When asked about the most expensive oil grade out there, those working in the oil industry are caught blindsided because there’s no easy way to answer this question.
The price of crude oil is determined by its physical characteristics (low-density, low-sulphur grade blends generally cost more, but there are several exceptions to this rule), classic supply-demand conditions, distance from main marketing outlets and trading hubs, potential risks and general market sentiment.
To make matters even more complicated, speculation plays a major part in price-setting, since the volume of futures trading significantly exceeds that of physical volumes.
So it is possible to pinpoint the world’s most expensive oil?
First, it’s helpful to start by identifying the cheapest crude on the market today. Oil traders often receive offers to buy unknown grades from countries that one could never even associate with oil production, so it’s sensible to focus on established oil grades, for their price development is much easier to follow. Western Canadian Select, a basket of the heavy tar sands coming from Alberta, traded with a $30 per barrel discount to West Texas Intermediate (WTI) in December. Pipeline bottlenecks were the most important factor behind such a massive discount, after the closure of Transcanada’s Keystone pipeline between Alberta and Oklahoma due to leaking in South Dakota and Enbridge’s rationing of its Edmonton-Wisconsin pipeline.
Pipeline bottlenecking isn’t unique or specifically related to Canada. The U.S. benchmark WTI traded at a significant discount to Brent due to oversupply-induced bottlenecking against the background of the U.S. crude market transforming from a south-to-north crude flow-based system to a north-to-south one. Thus, one might infer that availability plays an important role in the value-setting of crude grades—seaborne grades usually take advantage over inland ones because they are easier to move.
Generally, the less refining a crude grade needs, the more expensive it will be, so light and sweet grades should be more expensive.
Saudi Arabia’s pricing practices reflect the way sweeter grades are valued higher than heavier ones. Every month, Saudi Aramco announces its official selling price for next-month loading cargoes, in the form of a differential to be used against Oman/Dubai (for Asian supplies) or first-month Brent futures (for supplies to Northwestern Europe and the Mediterranean). Arab Heavy (27.4° API, 2.8 percent Sulphur) is generally traded at a discount to both Brent and Oman/Dubai, whilst Arab Extra Light (38.4° API, 1.2 percent Sulphur) is traded at a premium. Needless to say, the recently added Arab Super Light (49° API, 0.1 percent Sulphur) that’s specifically marketed for Asian buyers comes on average with a hefty $3-4 per barrel premium.
Taking into consideration the above-mentioned facts, you might be amazed to discover that the world’s most expensive oil is Malaysian.
Tapis, the Malaysian crude benchmark traded in Singapore, has for a long time held the title of the world’s most expensive grade. Its lightness (43-45° API) and extremely low Sulphur content (0.04 percent) make for a highly valuable refining asset.

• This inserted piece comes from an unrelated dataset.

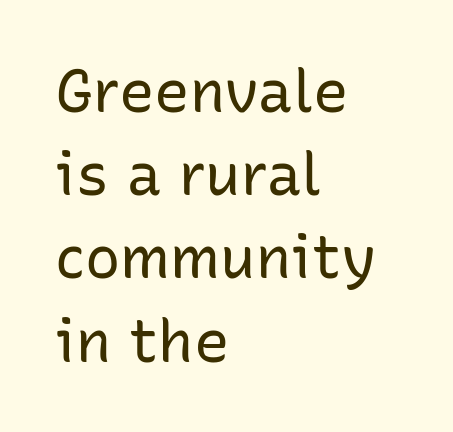
The image shows 59 px regular-weight sans-serif type, upright; set left-aligned, normal line spacing (1.41x), normal letter spacing, not underlined; low stroke contrast and a medium x-height.

At the time of writing it had broken the much-hyped $70 market.
However, having started production in 1979, Tapis has been falling since 1998 and its current production of 200,000 bpd is half of what it was 20 years ago. Hence, the most expensive oil grades now are Kikeh (35° API, 0.1 percent Sulphur), Miri Light (36.3° API, 0.08 percent Sulphur) and Kimanis (38.6° API, 0.06 percent Sulphur), currently trading at $4 per barrel premium to Dated Brent (in December 2017, they’ve oscillated in the +$4-4.50 per barrel premium interval).
In many ways, the Malaysian grades’ remoteness created this demand for them – Australian and Southeast Asian refiners are willing to pay the extra premium to have the crudes sooner than to wait for Brent (similar quality characteristics) or other grades to arrive there.

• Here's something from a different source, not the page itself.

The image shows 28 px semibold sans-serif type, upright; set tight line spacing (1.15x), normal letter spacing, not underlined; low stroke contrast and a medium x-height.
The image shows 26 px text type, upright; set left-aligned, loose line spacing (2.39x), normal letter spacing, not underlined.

It’s important to remember that the current situation and market conditions don’t necessarily mean they’re long term. Current market conditions are in many ways influenced by OPEC’s November 2016 decision to cut oil production worth 1.2 million barrels per day. An overwhelming majority of this cut affected sour production—in fact, more than 90 percent of the production cuts related to high-sulfur grades. As a consequence, crude differentials between sweet-light crudes and sour-heavy crudes narrowed, all the more so as major oil-producing nations not participating in the OPEC deal—namely the United States, Nigeria and Libya—ramped up sweet production in 2016-2017.

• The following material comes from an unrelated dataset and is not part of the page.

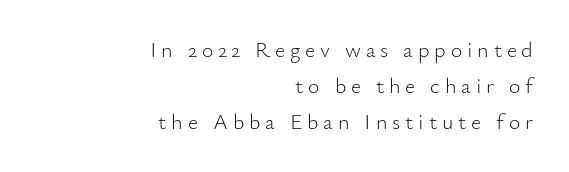
In terms of letterspacing, this is a distinctly airy, spread setting. The compositor pushed each line to the right boundary. The space between consecutive lines is moderate. The typography opts for an upright posture over an oblique one. No word sits above an underline. The face looks like a standard text weight, possibly lighter.

By January 2020, when the International Maritime Organization’s (IMO) new bunker fuel requirements take effect, sweet light crude should pull substantially away from heavier grades, regardless how the OPEC deal works out. The IMO suggests that from 2020 onward, bunker fuel should contain max. 0.5 percent Sulphur (compared to the max. 3.5 percent specification currently in vigor), which would adversely affect fuel oil demand and high fuel-oil yielding grades. Since vacuum residue accounts for more than third of the Mexican Maya or Venezuelan Merey yields, we should see a further widening of differentials. These changes will most likely leave Malaysian grades unaffected, but will likely cause a stir or two for the others.